• _The records_:
.....

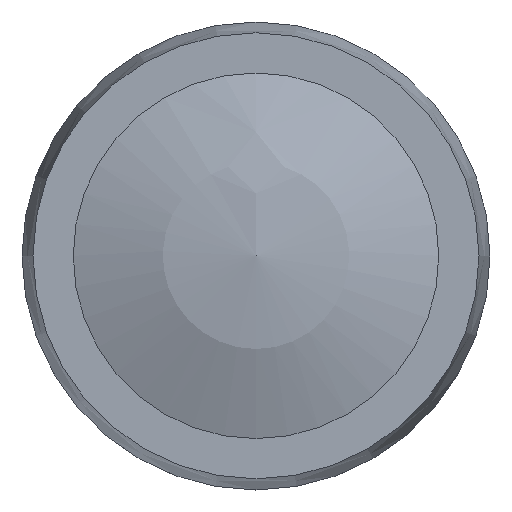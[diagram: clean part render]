
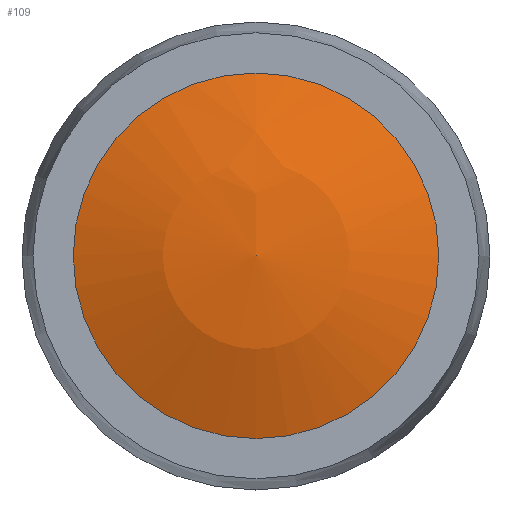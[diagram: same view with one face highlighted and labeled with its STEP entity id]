
A CAD part, top view. The second image highlights one B-rep face of the part: STEP entity #109.
In plain terms, the highlighted spherical face has radius 32.5 mm.
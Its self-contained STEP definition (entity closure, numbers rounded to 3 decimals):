
#109 = ADVANCED_FACE( '', ( #269 ), #270, .T. );
#269 = FACE_OUTER_BOUND( '', #501, .T. );
#270 = SPHERICAL_SURFACE( '', #502, 32.5 );
#501 = EDGE_LOOP( '', ( #776 ) );
#502 = AXIS2_PLACEMENT_3D( '', #777, #778, #779 );
#776 = ORIENTED_EDGE( '', *, *, #1321, .T. );
#777 = CARTESIAN_POINT( '', ( 0., 0., -4.5 ) );
#778 = DIRECTION( '', ( 0., 0., 1. ) );
#779 = DIRECTION( '', ( 0., 1., 0. ) );
#1321 = EDGE_CURVE( '', #1585, #1585, #1586, .T. );
#1585 = VERTEX_POINT( '', #1981 );
#1586 = CIRCLE( '', #1982, 12.5 );
#1981 = CARTESIAN_POINT( '', ( 12.5, 0., 25.5 ) );
#1982 = AXIS2_PLACEMENT_3D( '', #2452, #2453, #2454 );
#2452 = CARTESIAN_POINT( '', ( 0., 0., 25.5 ) );
#2453 = DIRECTION( '', ( 0., 0., 1. ) );
#2454 = DIRECTION( '', ( 1., 0., 0. ) );

.....

• _About this exercise_: All the material above should be written out exactly, with images omitted.

• _Answer space_:
[diagram: clean part render]
[diagram: same view with one face highlighted and labeled with its STEP entity id]
A CAD part, top view. The second image highlights one B-rep face of the part: STEP entity #109.
In plain terms, the highlighted spherical face has radius 32.5 mm.
Its self-contained STEP definition (entity closure, numbers rounded to 3 decimals):
#109 = ADVANCED_FACE( '', ( #269 ), #270, .T. );
#269 = FACE_OUTER_BOUND( '', #501, .T. );
#270 = SPHERICAL_SURFACE( '', #502, 32.5 );
#501 = EDGE_LOOP( '', ( #776 ) );
#502 = AXIS2_PLACEMENT_3D( '', #777, #778, #779 );
#776 = ORIENTED_EDGE( '', *, *, #1321, .T. );
#777 = CARTESIAN_POINT( '', ( 0., 0., -4.5 ) );
#778 = DIRECTION( '', ( 0., 0., 1. ) );
#779 = DIRECTION( '', ( 0., 1., 0. ) );
#1321 = EDGE_CURVE( '', #1585, #1585, #1586, .T. );
#1585 = VERTEX_POINT( '', #1981 );
#1586 = CIRCLE( '', #1982, 12.5 );
#1981 = CARTESIAN_POINT( '', ( 12.5, 0., 25.5 ) );
#1982 = AXIS2_PLACEMENT_3D( '', #2452, #2453, #2454 );
#2452 = CARTESIAN_POINT( '', ( 0., 0., 25.5 ) );
#2453 = DIRECTION( '', ( 0., 0., 1. ) );
#2454 = DIRECTION( '', ( 1., 0., 0. ) );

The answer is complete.